_What to work on_. Your output should be the records below, word for word and picture-free.

_Entries taken from a collection_.

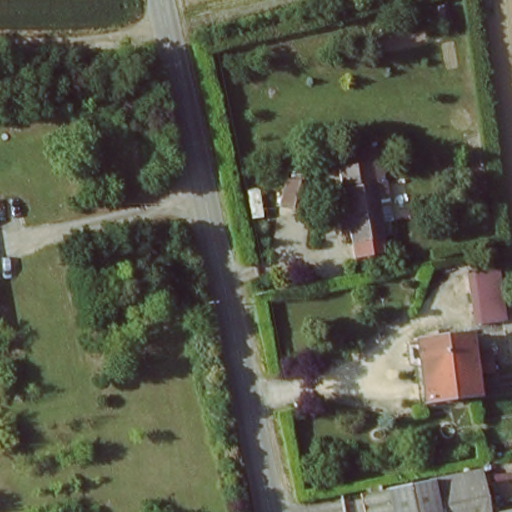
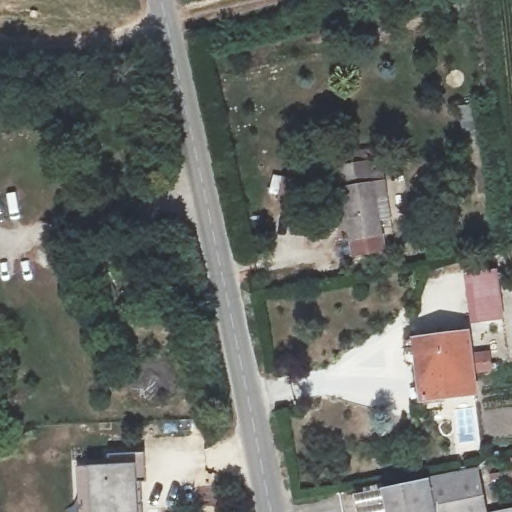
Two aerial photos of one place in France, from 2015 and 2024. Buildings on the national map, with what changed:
unchanged [(383,231),(351,237),(341,183),(372,178),(383,231)]
unchanged [(470,293),(495,287),(502,323),(477,323),(470,293)]
unchanged [(472,394),(425,402),(415,344),(463,336),(472,394)]
new [(87,506),(85,464),(111,463),(110,453),(145,452),(146,481),(133,482),(134,512),(87,512),(87,506)]
new [(512,478),(509,458),(512,457),(512,478)]
unchanged [(481,476),(487,512),(436,512),(430,484),(481,476)]
new [(142,481),(142,512),(134,512),(133,482),(142,481)]
unchanged [(436,512),(363,512),(360,495),(389,490),(430,484),(436,512)]

_Answer box_.
Two aerial photos of one place in France, from 2015 and 2024. Buildings on the national map, with what changed:
unchanged [(383,231),(351,237),(341,183),(372,178),(383,231)]
unchanged [(470,293),(495,287),(502,323),(477,323),(470,293)]
unchanged [(472,394),(425,402),(415,344),(463,336),(472,394)]
new [(87,506),(85,464),(111,463),(110,453),(145,452),(146,481),(133,482),(134,512),(87,512),(87,506)]
new [(512,478),(509,458),(512,457),(512,478)]
unchanged [(481,476),(487,512),(436,512),(430,484),(481,476)]
new [(142,481),(142,512),(134,512),(133,482),(142,481)]
unchanged [(436,512),(363,512),(360,495),(389,490),(430,484),(436,512)]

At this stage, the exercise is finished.